TPC Deere Run in Illinois is finding that the Capillary Bunkers solution helps meet any challenge.

SILVIS, Illinois – Every golf course in the world has to manage its maintenance operation carefully to ensure that the budget allows the course to be presented in a way that delights its customers. But when “customers” regularly includes the most fastidious golfers in the world, the PGA Tour, the challenge is significantly uprated.

As host to the annual John Deere Classic every year since it opened in 2000, TPC Deere Run in Silvis, Illinois, has two different sorts of customer: the paying golfers who play there every week it is open except one, and the professionals who show up for the tournament in July. 

And, although the paying customers are at the front of his mind every single day, course superintendent Alex Stuedemann admits that the needs and expectations of the Tour players are rarely far from his mind.

“Being a tournament venue, we always try to remain proactive in terms of our infrastructure,” he says. “The bunkers were rebuilt in 2007 with the best technology available at the time, but since I came back here eight years ago, it became clearer every year that they needed to be redone.
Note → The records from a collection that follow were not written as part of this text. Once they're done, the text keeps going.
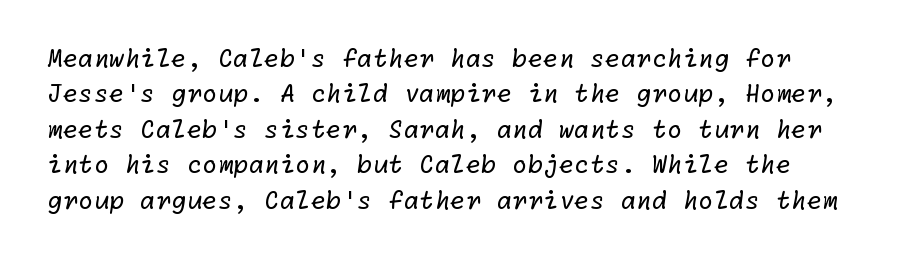
{"bold": "no", "underline": "no", "line_spacing": "normal", "line_spacing_ratio": 1.42, "letter_spacing": "normal", "letter_spacing_em": 0.0, "glyph_px": 25}
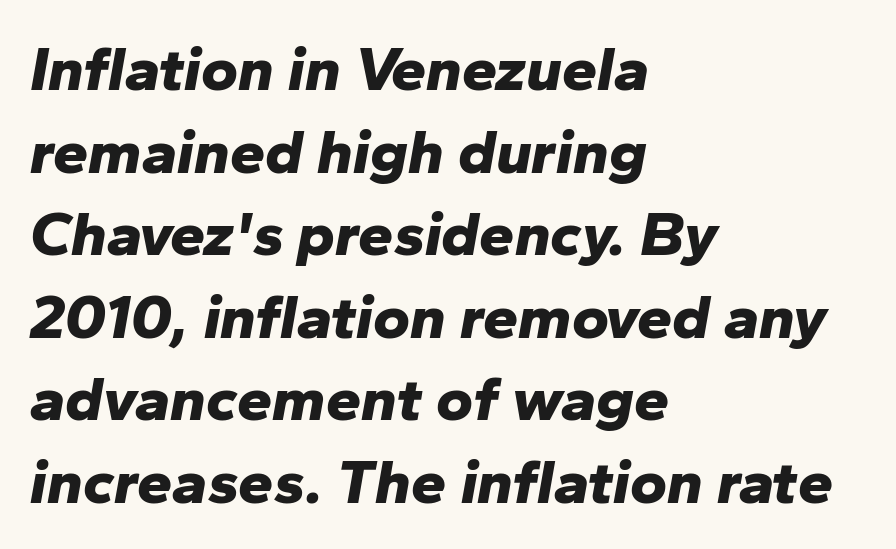
Q: Is the text bold? A: Yes.
Q: Is the text italic (slanted)? A: Yes, it leans right by about 10 degrees.
Q: Is the text underlined? A: No.
Q: How is the paragraph aligned? A: Left-aligned.
Q: Is the spacing between letters normal or unusually wide? A: Normal.
Q: Is the spacing between lines tight, normal or loose? A: Normal.
Q: Width (condensed, normal, or wide)? A: Normal.
Q: Stroke contrast? A: Low.
Q: x-height? A: Medium.
Q: Monospaced? A: No.

Obviously, we want our bunkers in the best condition they can be for our regular players, but tournament week imposes significant extra pressure. 
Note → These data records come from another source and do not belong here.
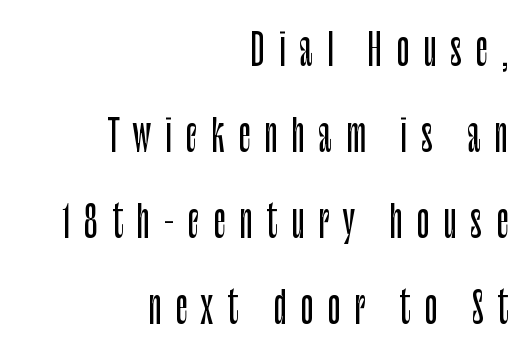
{"serif": "no", "italic": "no", "width": "condensed", "stroke_contrast": "low", "x_height": "large", "monospaced": "no", "underline": "no", "align": "right", "line_spacing": "loose", "line_spacing_ratio": 2.0, "letter_spacing": "wide", "letter_spacing_em": 0.32, "glyph_px": 43}
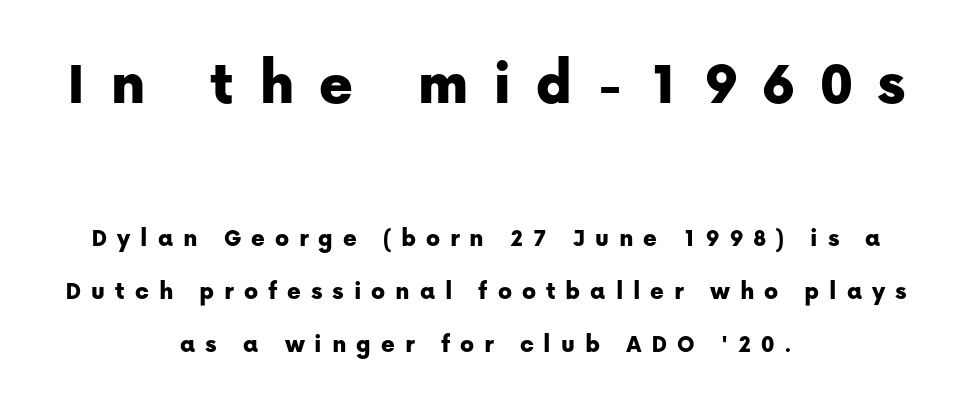
The image shows 64 px sans-serif type, upright; set centered, loose line spacing (2.03x), unusually wide letter spacing (+0.38 em), not underlined; the first (top) block is 2.46x larger; low stroke contrast and a medium x-height.
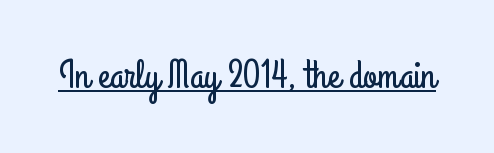
A continuous stroke trails under the words, as in a hyperlink. Short note: letters normally spaced. Character widths vary here, with narrow letters taking less room than wide ones. The glyphs in this specimen are sans serif.
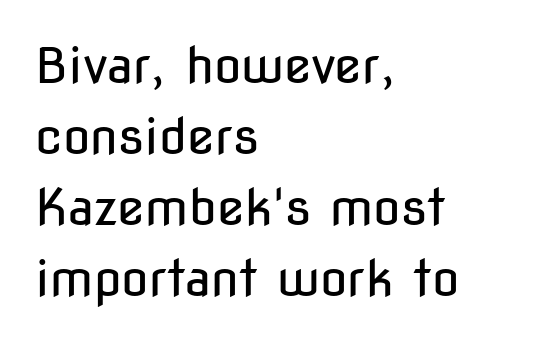
A normal amount of white space separates one row of letters from the next. The font family rendered here belongs to the sans-serif group. When letters stand straight like this, we call the style roman or upright. On a weight scale, this lands at 450 or below.
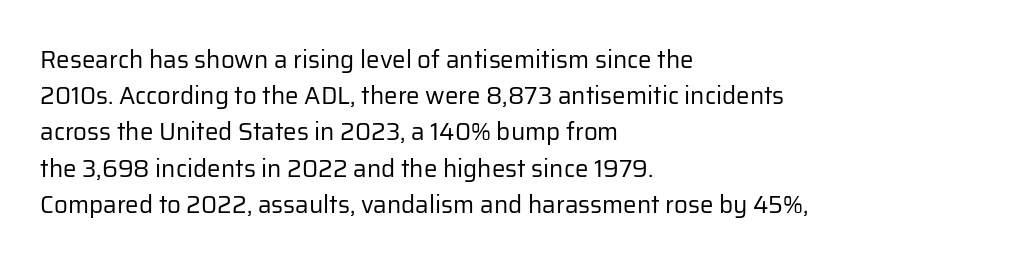
{"italic": "no", "bold": "no", "underline": "no", "align": "left", "line_spacing": "normal", "line_spacing_ratio": 1.51, "letter_spacing": "normal", "letter_spacing_em": 0.0, "glyph_px": 24}

“It can and often does rain heavily in tournament week, and we have to be able to shoulder those rain events and give the golf course back to the players as soon as possible.”

To that end, Stuedemann and the management team at the course resolved that the Capillary Bunkers solution was the best option for ensuring the course was where it needed to be. He pushed the button and started a major bunker renovation this year, a project being handled by contractor Heritage Links, with supervision from PGA Tour Design Services, along with original architect D. A. Weibring.

“We know we’re building these bunkers for the long term, to keep the golf course where it it supposed to be,” says Stuedemann. “We already know the benefits. We put in a test bunker in 2016 on our 18th hole after a torrential downpour a month before the event. We installed that bunker in August 2016 and it is still performing just as well as the day it was installed. 

“Maintenance-wise, we’re spending 20-30 per cent less time on that bunker. After a big rain event all bets are off. You could spend 10 man-hours on one bunker as against 20 minutes on that one.”